On n’est finalement pas si souvent « remué » par un polar qu’on a entamé en croyant s’engager dans un autre divertissement « standard » : la Dernière Tempête s’avère un choc qui nous pousse à reconsidérer notre jugement sur Ragnar Jónasson…
Sur la quatrième de couverture, il est écrit : « Ragnar Jónasson ne serait-il pas le meilleur auteur de romans policiers de notre époque ? », une citation du Times… D’abord, on ricane de ces grossières ficelles du Marketing de best-sellers, Jónasson étant reconnu depuis une dizaine d’années comme auteur à succès…
Et puis, arrivés à la page 176 de l’édition de poche de la Dernière Tempête, qui marque la fin de la première partie du livre, on doit bien avouer que cela fait très longtemps qu’on n’a pas été aussi remué, asphyxié même par un livre… Cette double histoire de deux femmes vivant en parallèle des journées qui constituent le pire cauchemar de leur existence est exceptionnellement intense, combinant l’urgence qui nous empêche de refermer le livre, avec un profond sentiment d’horreur qui fait que la Dernière Tempête transcende à ce moment-là le tout-venant des polars qu’on lit surtout pour se divertir à bon compte. Mais déjà, le lecteur attentif percevra un décalage significatif entre les deux récits : l’un est clair dans l’horreur qu’il décrit, et son issue est malheureusement rapidement prévisible, l’autre s’apparente à une sorte de trip mental dans lequel les repères nous font peu à peu défaut. Les deux sont néanmoins nourris de mécanismes psychologiques forts et bien connus : d’un côté, un sens de perte de réalité lié à un isolement extrême, et de l’autre un déni typique face à l’horreur d’une situation inacceptable. Deux situations, deux mécanismes que Jónasson illustre magistralement, il faut bien le reconnaître.

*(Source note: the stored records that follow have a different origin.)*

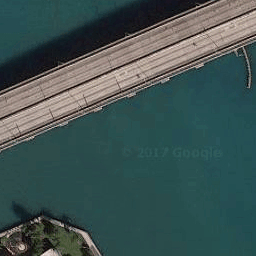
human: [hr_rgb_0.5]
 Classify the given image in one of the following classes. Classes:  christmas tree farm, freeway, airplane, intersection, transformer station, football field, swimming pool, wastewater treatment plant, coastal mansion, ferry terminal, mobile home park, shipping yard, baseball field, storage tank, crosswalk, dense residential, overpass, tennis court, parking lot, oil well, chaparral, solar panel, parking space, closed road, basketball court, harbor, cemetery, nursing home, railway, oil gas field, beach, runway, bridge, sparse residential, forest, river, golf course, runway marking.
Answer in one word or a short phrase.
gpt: bridge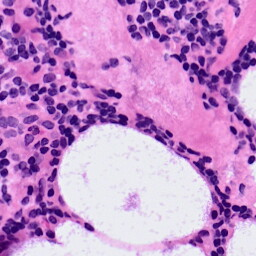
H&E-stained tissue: LymphNode
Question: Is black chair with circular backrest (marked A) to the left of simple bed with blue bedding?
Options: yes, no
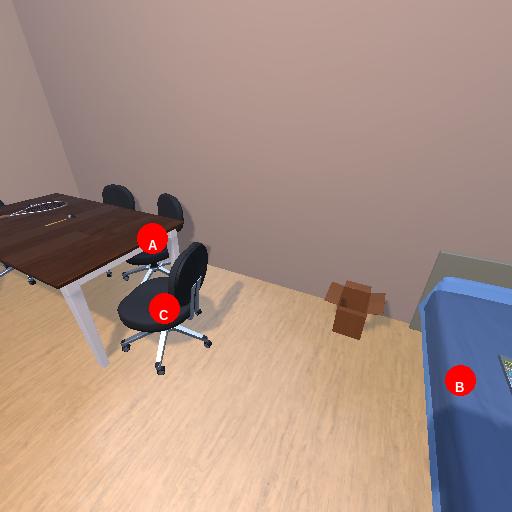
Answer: yes

Parvenu à de telles hauteurs, la Dernière Tempête ne peut que redescendre dans sa seconde partie, qui emprunte les voies plus prévisibles a priori de l’enquête policière. Mais la révélation de ce qui se passait réellement derrière ce qu’on a lu, même si elle relève d’un artifice narratif bien connu dans le genre, reste profondément satisfaisante : la Dernière Tempête n’est pas si loin finalement d’un « mindfuck », dissimulé derrière la banalité d’un récit de tempête islandaise et de « home invasion » paradoxal.
Et quand on le referme, on se dit qu’il ne reste guère qu’une seule chose à faire : reprendre notre lecture depuis le début.